_WORK ITEM_
Among the lines below, how many carry the string "width"? Reply with a number and nothing else.

- - - - -

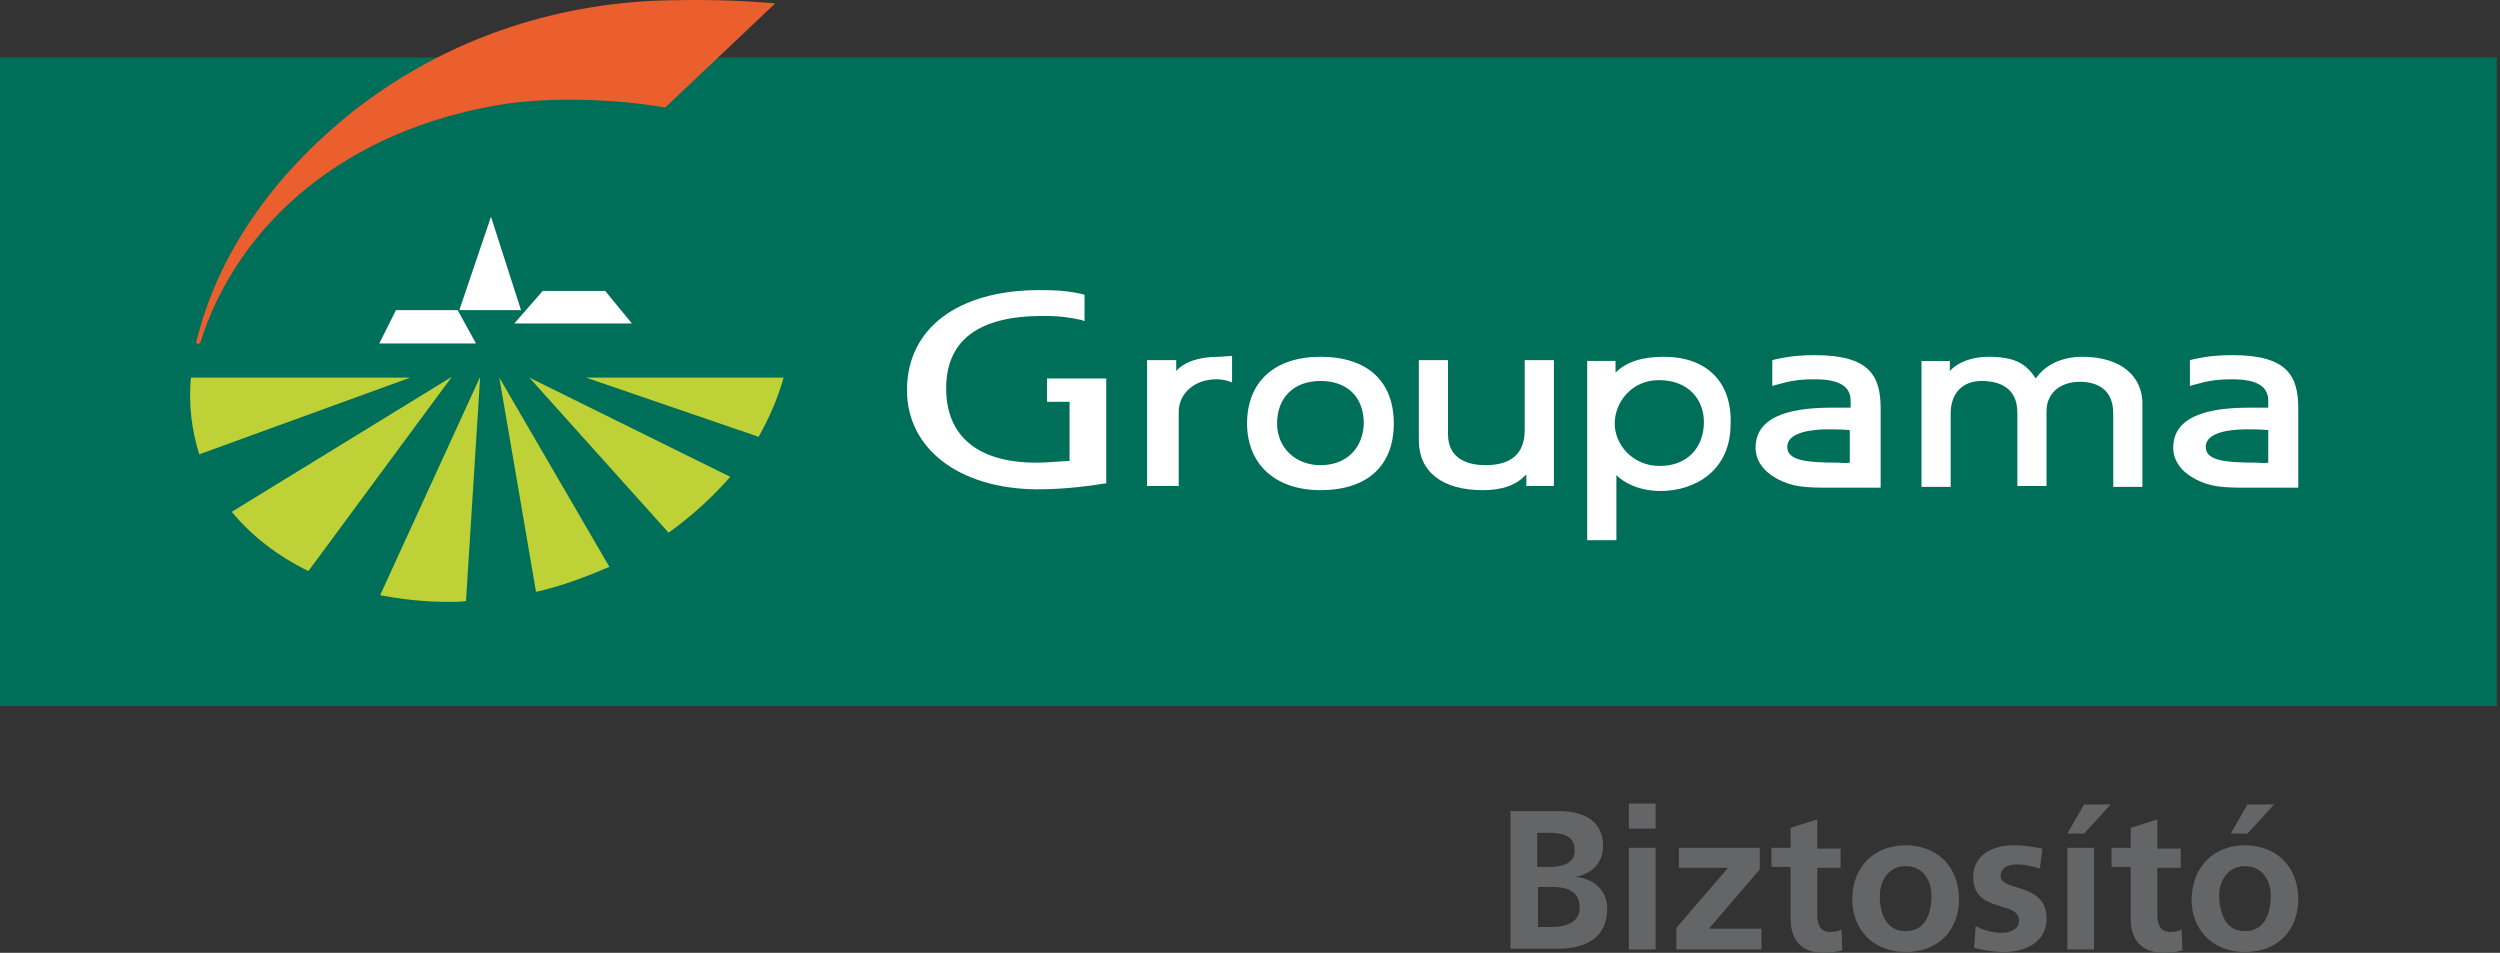 <?xml version="1.0" encoding="utf-8"?>
<!-- Generator: Adobe Illustrator 14.0.0, SVG Export Plug-In . SVG Version: 6.00 Build 43363)  -->
<!DOCTYPE svg PUBLIC "-//W3C//DTD SVG 1.1//EN" "http://www.w3.org/Graphics/SVG/1.1/DTD/svg11.dtd">
<svg version="1.1" id="svg39820" xmlns:svg="http://www.w3.org/2000/svg"
	 xmlns="http://www.w3.org/2000/svg" xmlns:xlink="http://www.w3.org/1999/xlink" x="0px" y="0px" width="141.73px"
	 height="54.017px" viewBox="0 43.502 141.73 54.017" enable-background="new 0 43.502 141.73 54.017" xml:space="preserve">
<rect x="0" y="43.502" width="141.73" height="54.017" fill="#333333" stroke="none"/>
<rect y="46.762" fill="#006F59" width="141.541" height="36.768"/>
<path fill="#FFFFFF" d="M69.093,63.729c-1.134,0-1.938,0.283-2.411,0.803v-0.614h-1.654v7.137h1.796v-4.206
	c0-1.04,0.898-1.844,2.126-1.844c0.284,0,0.567,0.048,0.803,0.142l0.095,0.048v-1.513L69.093,63.729z"/>
<path fill="#FFFFFF" d="M74.859,69.873c-1.418,0-2.458-0.993-2.458-2.363c0-1.465,0.944-2.41,2.458-2.41
	c1.512,0,2.457,0.897,2.457,2.41C77.27,68.927,76.324,69.873,74.859,69.873 M74.859,63.729c-2.6,0-4.16,1.417-4.16,3.78
	c0,2.315,1.607,3.781,4.16,3.781c2.646,0,4.158-1.371,4.158-3.781S77.506,63.729,74.859,63.729"/>
<path fill="#FFFFFF" d="M88.044,63.918h-1.606v3.97c0,1.323-0.756,1.985-2.222,1.985c-0.804,0-2.126-0.236-2.126-1.749v-4.206
	h-1.654v4.537c0,1.796,1.322,2.836,3.639,2.836c1.087,0,1.891-0.284,2.457-0.898v0.662h1.561v-7.137H88.044z"/>
<path fill="#FFFFFF" d="M94.046,65.052c1.749,0,2.552,1.181,2.552,2.362c0,1.513-0.992,2.505-2.504,2.505
	c-1.561,0-2.553-1.229-2.553-2.41S92.486,65.052,94.046,65.052 M94.33,63.729c-1.229,0-2.127,0.283-2.742,0.897v-0.661h-1.606v10.16
	h1.654v-3.687c0.425,0.426,1.276,0.898,2.505,0.898c1.984,0,3.97-1.182,3.97-3.781C98.205,65.146,96.74,63.729,94.33,63.729"/>
<path fill="#FFFFFF" d="M118.054,63.729c-1.134,0-2.079,0.425-2.646,1.229c-0.567-0.898-1.276-1.229-2.694-1.229
	c-0.945,0-1.748,0.33-2.174,0.803v-0.566h-1.606v7.136h1.653v-4.159c0-1.134,0.662-1.843,1.75-1.843
	c0.944,0,2.031,0.331,2.031,1.796v4.159h1.654v-4.254c0-0.992,0.756-1.654,1.891-1.654c0.851,0,1.891,0.331,1.891,1.796v4.159h1.653
	v-4.489C121.551,64.816,120.228,63.729,118.054,63.729"/>
<path fill="#FFFFFF" d="M51.418,65.619c0-3.497,2.883-5.671,7.514-5.671c0.993,0,1.654,0.048,2.458,0.236c0,0,0.047,0,0.095,0.047
	v1.466c-0.095,0-0.142-0.048-0.142-0.048c-0.662-0.142-1.181-0.236-2.221-0.236c-3.639,0-5.482,1.371-5.482,4.112
	c0,2.74,1.843,4.206,5.104,4.206c0.52,0,0.993-0.048,1.796-0.095h0.095v-3.355h-1.276v-1.323h3.355v5.954c-0.047,0-0.094,0-0.094,0
	c-1.465,0.236-2.646,0.331-3.875,0.331C54.348,71.196,51.418,68.927,51.418,65.619"/>
<path fill="#FFFFFF" d="M104.868,69.731c-0.236,0.047-0.567,0-0.661,0c-1.891,0-2.883-0.143-2.883-0.898
	c0-0.851,1.465-0.992,2.315-0.992c0.188,0,0.851,0,1.229,0.047V69.731z M106.617,71.101v-4.442c0-1.843-0.615-3.024-3.734-3.024
	c-0.709,0-1.37,0.047-2.221,0.236l-0.189,0.047v1.465l0.332-0.094c0.661-0.189,1.181-0.284,2.078-0.284
	c1.513,0,2.033,0.473,2.033,1.229v0.379h-1.04c-1.891,0-4.349,0.283-4.349,2.268c0,0.757,0.473,1.371,1.277,1.796
	c0.85,0.426,1.465,0.473,2.977,0.473h2.836V71.101z"/>
<path fill="#FFFFFF" d="M128.592,69.731c-0.236,0.047-0.566,0-0.661,0c-1.89,0-2.883-0.143-2.883-0.898
	c0-0.851,1.466-0.992,2.315-0.992c0.189,0,0.852,0,1.229,0.047V69.731z M130.294,71.101v-4.442c0-1.843-0.614-3.024-3.733-3.024
	c-0.709,0-1.371,0.047-2.222,0.236l-0.188,0.047v1.465l0.33-0.094c0.662-0.189,1.182-0.284,2.08-0.284
	c1.512,0,2.031,0.473,2.031,1.229v0.379h-1.039c-1.891,0-4.348,0.283-4.348,2.268c0,0.757,0.473,1.371,1.275,1.796
	c0.852,0.426,1.465,0.473,2.978,0.473h2.836V71.101z"/>
<path fill="#EB5E2E" d="M43.951,43.691c-2.363-0.189-4.253-0.236-6.995-0.142c-6.333,0.33-12.146,2.504-16.966,6.285
	c-4.49,3.592-7.656,8.034-8.885,13.138h0.236c2.126-6.805,8.271-12.146,17.202-13.563c2.789-0.425,6.522-0.283,9.168,0.189
	L43.951,43.691z"/>
<polygon fill="#FFFFFF" points="26.04,61.083 27.835,55.789 29.537,61.083 "/>
<polygon fill="#FFFFFF" points="29.159,61.839 30.766,59.996 34.31,59.996 35.823,61.839 "/>
<polygon fill="#FFFFFF" points="21.503,62.972 22.448,61.083 25.945,61.083 26.985,62.972 "/>
<path fill="#BED137" d="M28.308,64.91l2.08,12.146c1.465-0.331,2.835-0.852,4.159-1.418L28.308,64.91z"/>
<path fill="#BED137" d="M41.399,70.534L30.01,64.91l7.892,8.791C39.225,72.756,40.407,71.669,41.399,70.534"/>
<path fill="#BED137" d="M33.223,64.91l9.783,3.355c0.614-1.087,1.087-2.174,1.418-3.355H33.223z"/>
<path fill="#BED137" d="M26.418,77.576l0.803-12.713L21.55,77.245c1.229,0.236,2.505,0.378,3.828,0.378
	C25.709,77.623,26.087,77.623,26.418,77.576"/>
<path fill="#BED137" d="M17.486,75.875l8.129-11.012l-12.477,7.656C14.272,73.889,15.737,75.024,17.486,75.875"/>
<path fill="#BED137" d="M10.822,64.91c-0.142,1.513,0.047,2.978,0.473,4.349l11.957-4.349H10.822z"/>
<path fill="#646567" d="M87.193,92.651h0.614c0.661,0,1.466-0.142,1.466-0.944c0-0.898-0.805-0.993-1.514-0.993h-0.613v1.938H87.193
	z M87.193,96.054h0.756c0.709,0,1.607-0.189,1.607-1.087c0-1.04-0.852-1.182-1.607-1.182h-0.756V96.054z M85.634,89.485h2.741
	c0.992,0,2.504,0.283,2.504,1.985c0,0.944-0.613,1.56-1.559,1.748l0,0c1.086,0.095,1.795,0.804,1.795,1.796
	c0,1.985-1.748,2.269-2.74,2.269h-2.741V89.485z"/>
<path fill="#646567" d="M92.345,89.059h1.513v1.418h-1.513V89.059z M92.345,91.564h1.513v5.766h-1.513V91.564z"/>
<polygon fill="#646567" points="95.18,91.564 99.764,91.564 99.764,92.794 96.881,96.149 99.859,96.149 99.859,97.33 95.039,97.33 
	95.039,96.101 97.969,92.699 95.18,92.699 "/>
<path fill="#646567" d="M101.513,92.651h-1.087v-1.087h1.087V90.43l1.513-0.473v1.654h1.323v1.087h-1.323v2.693
	c0,0.473,0.142,0.945,0.709,0.945c0.283,0,0.52-0.047,0.661-0.142l0.048,1.182c-0.331,0.095-0.662,0.142-1.088,0.142
	c-1.182,0-1.843-0.709-1.843-1.891V92.651z"/>
<path fill="#646567" d="M108.035,96.291c1.134,0,1.465-1.04,1.465-1.985c0-0.897-0.473-1.701-1.465-1.701
	c-0.993,0-1.465,0.851-1.465,1.701C106.57,95.251,106.9,96.291,108.035,96.291 M108.035,91.423c1.701,0,3.023,1.135,3.023,3.072
	c0,1.654-1.086,2.978-3.023,2.978c-1.891,0-3.025-1.323-3.025-2.978C105.01,92.557,106.334,91.423,108.035,91.423"/>
<path fill="#646567" d="M115.644,92.746c-0.473-0.142-0.804-0.236-1.323-0.236c-0.426,0-0.898,0.142-0.898,0.662
	c0,0.897,2.6,0.33,2.6,2.41c0,1.323-1.182,1.891-2.41,1.891c-0.567,0-1.135-0.095-1.701-0.236l0.094-1.229
	c0.473,0.236,0.945,0.378,1.465,0.378c0.379,0,0.993-0.142,0.993-0.708c0-1.135-2.599-0.379-2.599-2.458
	c0-1.229,1.086-1.796,2.268-1.796c0.709,0,1.182,0.095,1.654,0.189L115.644,92.746z"/>
<path fill="#646567" d="M117.203,91.564h1.512v5.766h-1.512V91.564z M118.148,89.107h1.512l-1.512,1.654h-0.945L118.148,89.107z"/>
<path fill="#646567" d="M120.795,92.651h-1.088v-1.087h1.088V90.43l1.512-0.473v1.654h1.324v1.087h-1.324v2.693
	c0,0.473,0.143,0.945,0.709,0.945c0.283,0,0.52-0.047,0.662-0.142l0.047,1.182c-0.33,0.095-0.662,0.142-1.087,0.142
	c-1.182,0-1.843-0.709-1.843-1.891V92.651L120.795,92.651z"/>
<path fill="#646567" d="M127.27,96.291c1.134,0,1.465-1.04,1.465-1.985c0-0.897-0.473-1.701-1.465-1.701s-1.465,0.851-1.465,1.701
	C125.852,95.251,126.135,96.291,127.27,96.291 M127.27,91.423c1.701,0,3.024,1.135,3.024,3.072c0,1.654-1.087,2.978-3.024,2.978
	c-1.891,0-3.025-1.323-3.025-2.978C124.292,92.557,125.568,91.423,127.27,91.423 M127.411,89.107h1.513l-1.513,1.654h-0.945
	L127.411,89.107z"/>
</svg>

- - - - -

_SOLUTION_
3